Vegetation model as a time machine
However, Christoph Schwörer doesn’t just want to find out how the composition and spread of the plant species has changed over the past millennia. He is particularly interested in the future. For this purpose, he uses a vegetation model developed at the ETH Zurich – which he feeds with reconstructed data from the past.
“The model serves as a kind of time machine,” he explains. “If it is able to show the effects of the temperature fluctuations over the past 12,000 years, we can also project the future effects of climate change on the vegetation.”
The Bernese researcher is very familiar with the so-called LandClim model. He worked with it during his two-year stay at the University of Oregon in Eugene, where he did his Swiss National Science Foundation (SNSF) Early Mobility postdoc. In his second postdoctoral position at the Oeschger Centre, he is currently developing a very local but more precise view of future vegetation by means of model simulations. In one of his studies, he has simulated changes in the species composition and in the tree line around Lake Iffig until the year 2500 – and this within a radius of five kilometres and practically tree by tree. The simplified conclusion of this simulation: The tree line will rise considerably, and beeches will expand at the expense of spruces. But according to Schwörer, there will be fewer meadows and fields in the alpine vegetation zone, as some plants have a problem. They cannot survive at high altitude. The reason? The increase in temperature is much too rapid for humus to form on the rocky subsoil.

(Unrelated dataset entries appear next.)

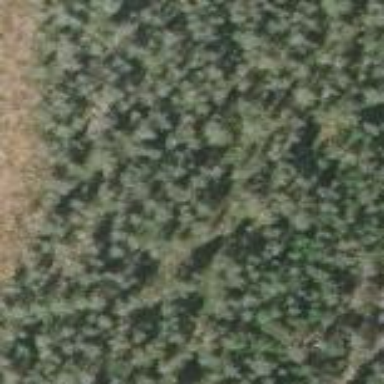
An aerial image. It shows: Woodland consisting mainly of needle-leaved trees.
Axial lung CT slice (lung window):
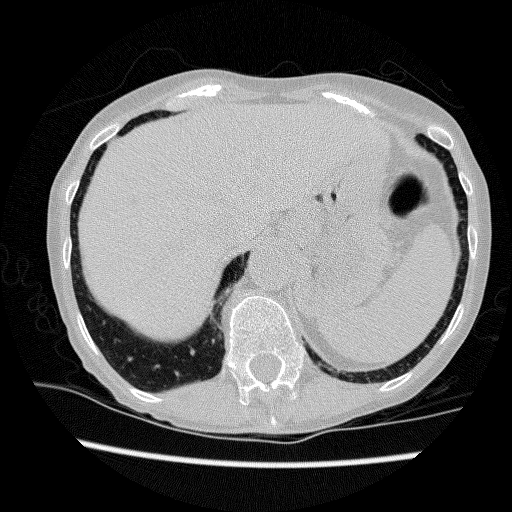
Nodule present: no
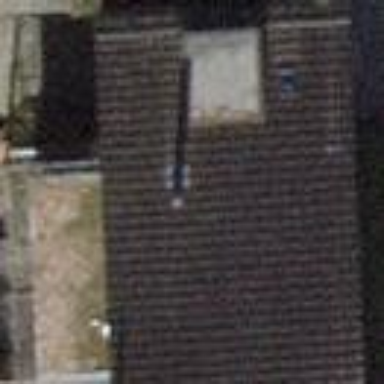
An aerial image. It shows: Semidetached house with tile roof.

Christoph Schwörer is striving for an academic career. So for his next step on this challenging path, he’s applying to the SNSF for an Ambizione project. For this research project he hopes to examine alpine sediment cores with unrivalled thoroughness.
“Since the lake bottoms have a maximum temperature of 4°C, the DNA is preserved in plant remains. After the last ice age, plants were forced to shift their distributions due to climatic changes. I want to find out what happens to genetic diversity during these times.”